En ce sens, en octobre, Genesys s’est rapproché de Scaled Cognition, une startup fondée par des anciens de Microsoft qui a entraîné ce qu’elle appelle un « Agentic Pretained Transformer » (APT), un modèle de langage entraîné « pour les systèmes d’expérience client ».

Scaled Cognition s’est servi de données synthétiques pour que son « LAM » puisse répondre aux questions des utilisateurs et accomplir des actions. Elle applique des techniques similaires pour évaluer les agents IA en place. Pour l’instant, APT-1 n’est pas en disponibilité générale.

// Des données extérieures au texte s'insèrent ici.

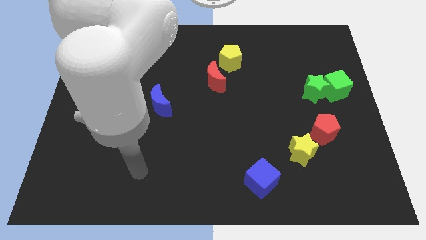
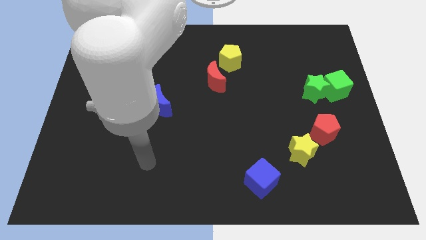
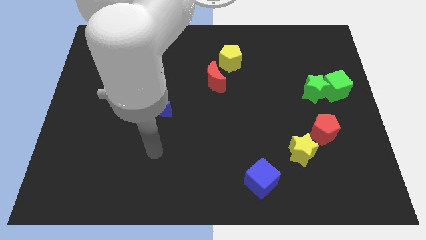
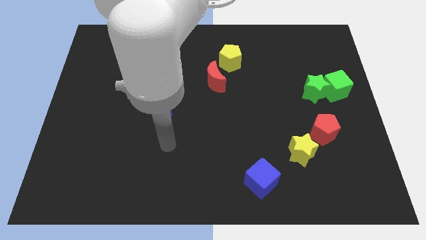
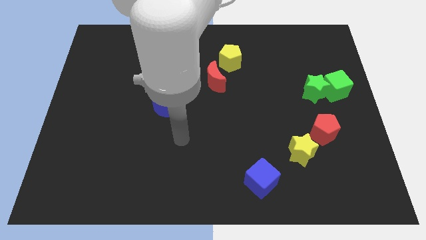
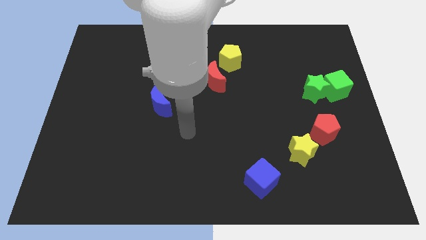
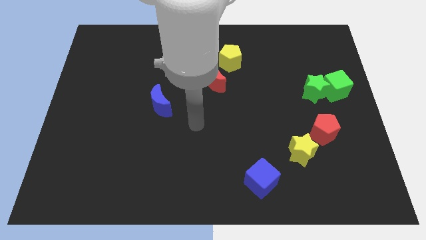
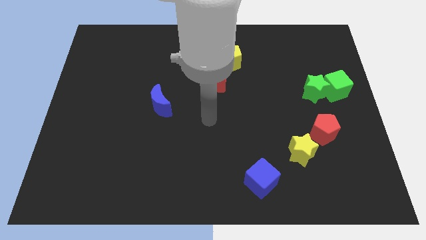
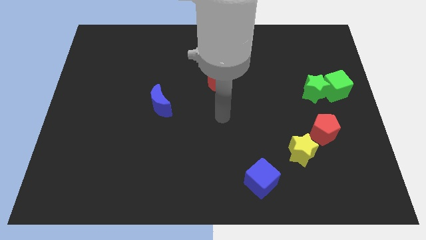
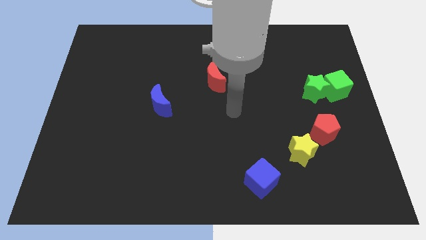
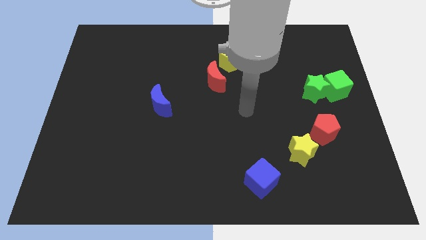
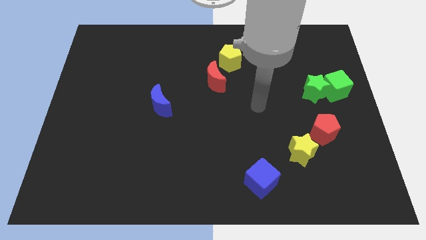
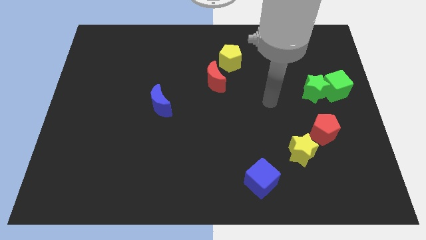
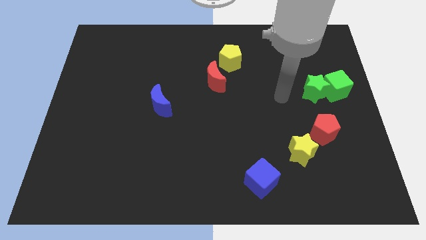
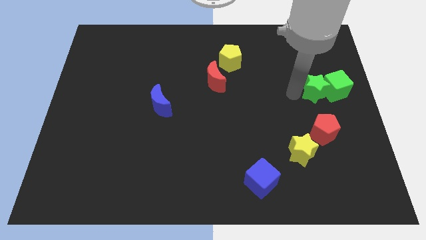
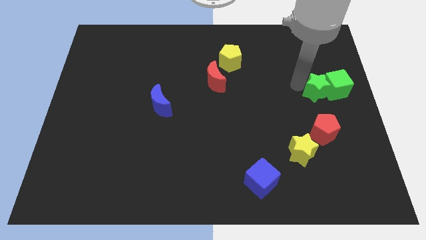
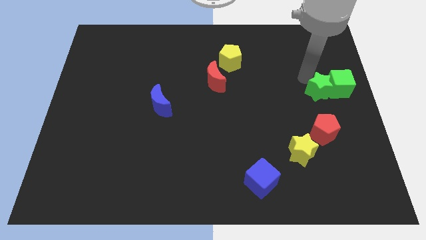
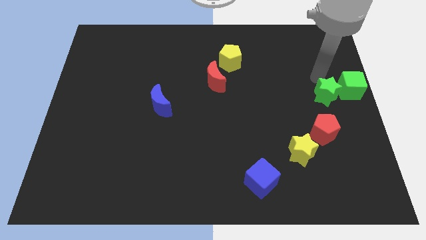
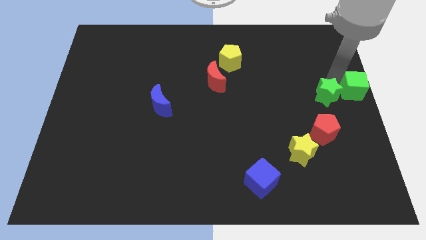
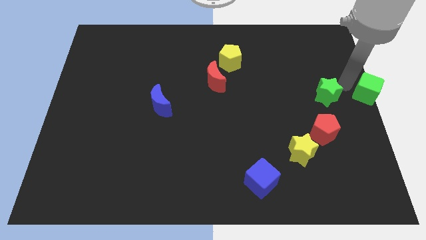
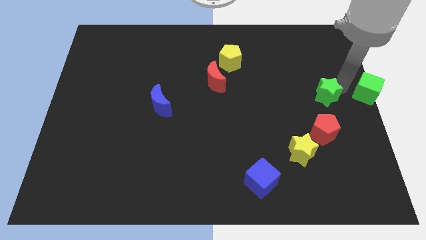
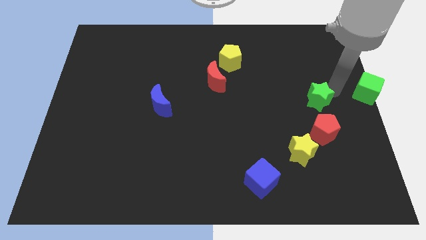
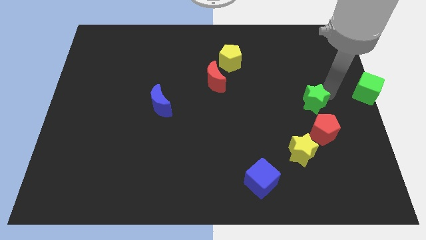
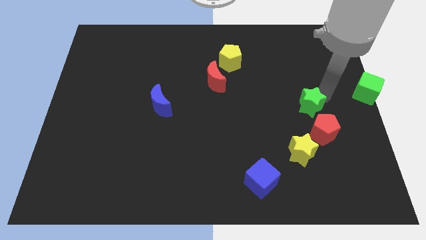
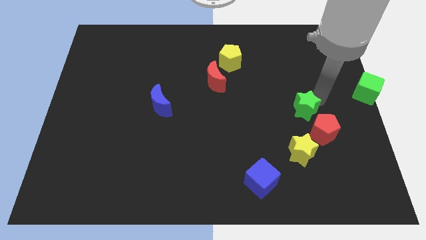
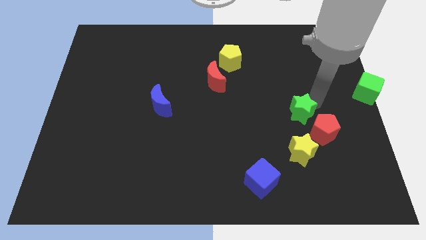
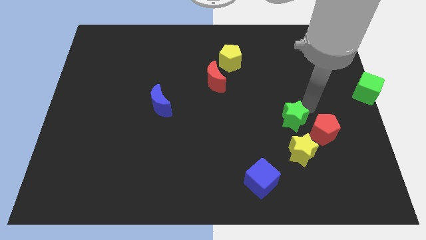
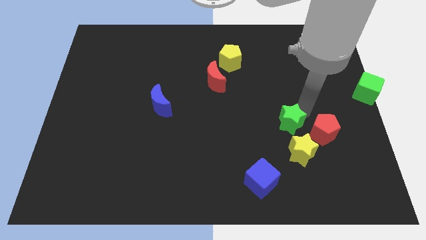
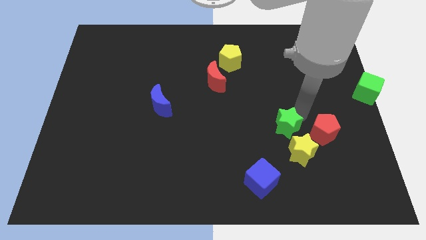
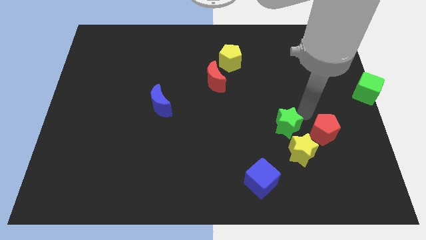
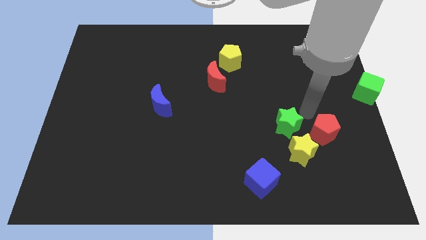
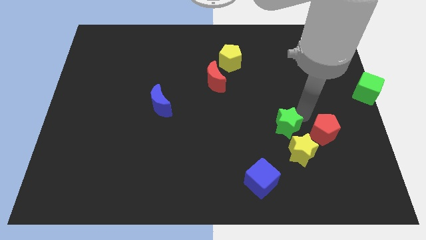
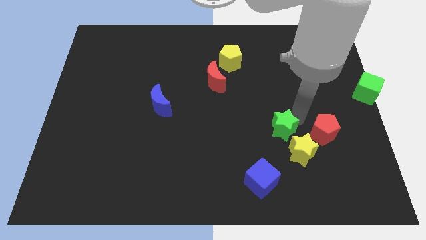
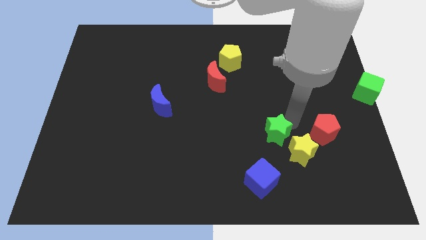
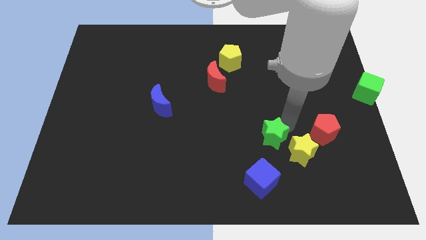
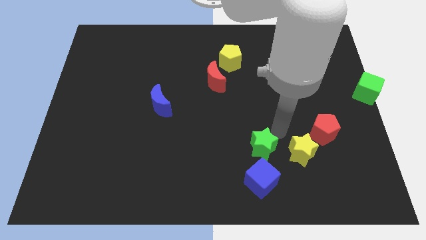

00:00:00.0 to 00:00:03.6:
move the green star down and left diagonally

De même, Genesys recommande ses clients sur la réduction de la latence des modèles text to speech ou speech to speech.

Si Gartner atteste qu’une bonne part de la feuille de route est consacrée à l’IA générative, son évaluation dans le Magic Quadrant publié en septembre 2025 ne prend pas toutes les fonctionnalités en compte. Genesys Cloud AI Studio, AI Guides, les coachs IA, les assistants d’administration, la génération augmentée par la recherche (RAG), certains agents « virtuels » n’étaient pas encore en disponibilité générale.

Aussi, « les clients de Gartner expriment de plus en plus leur frustration face aux délais de déploiement de Genesys pour les projets d’IA, qui dépassent souvent les attentes initiales », écrivent les analystes dans le carré magique publié il y a un mois. « Les clients qui envisagent de déployer les capacités d’IA de Genesys doivent travailler en étroite collaboration avec leur équipe de compte pour valider la fonctionnalité proposée, la disponibilité des ressources de déploiement et l’état de préparation de leur propre environnement de données pour respecter les engagements de déploiement ».

Le revers de la médaille d’une plateforme hautement personnalisable. Justement, les utilisateurs, eux, reprochent à l’éditeur de ne pas pouvoir personnaliser certains flux de travail en glisser-déposer. D’autres préféreraient des fonctions analytiques et de reporting plus simple d’accès, selon les avis récoltés par Gartner et G2.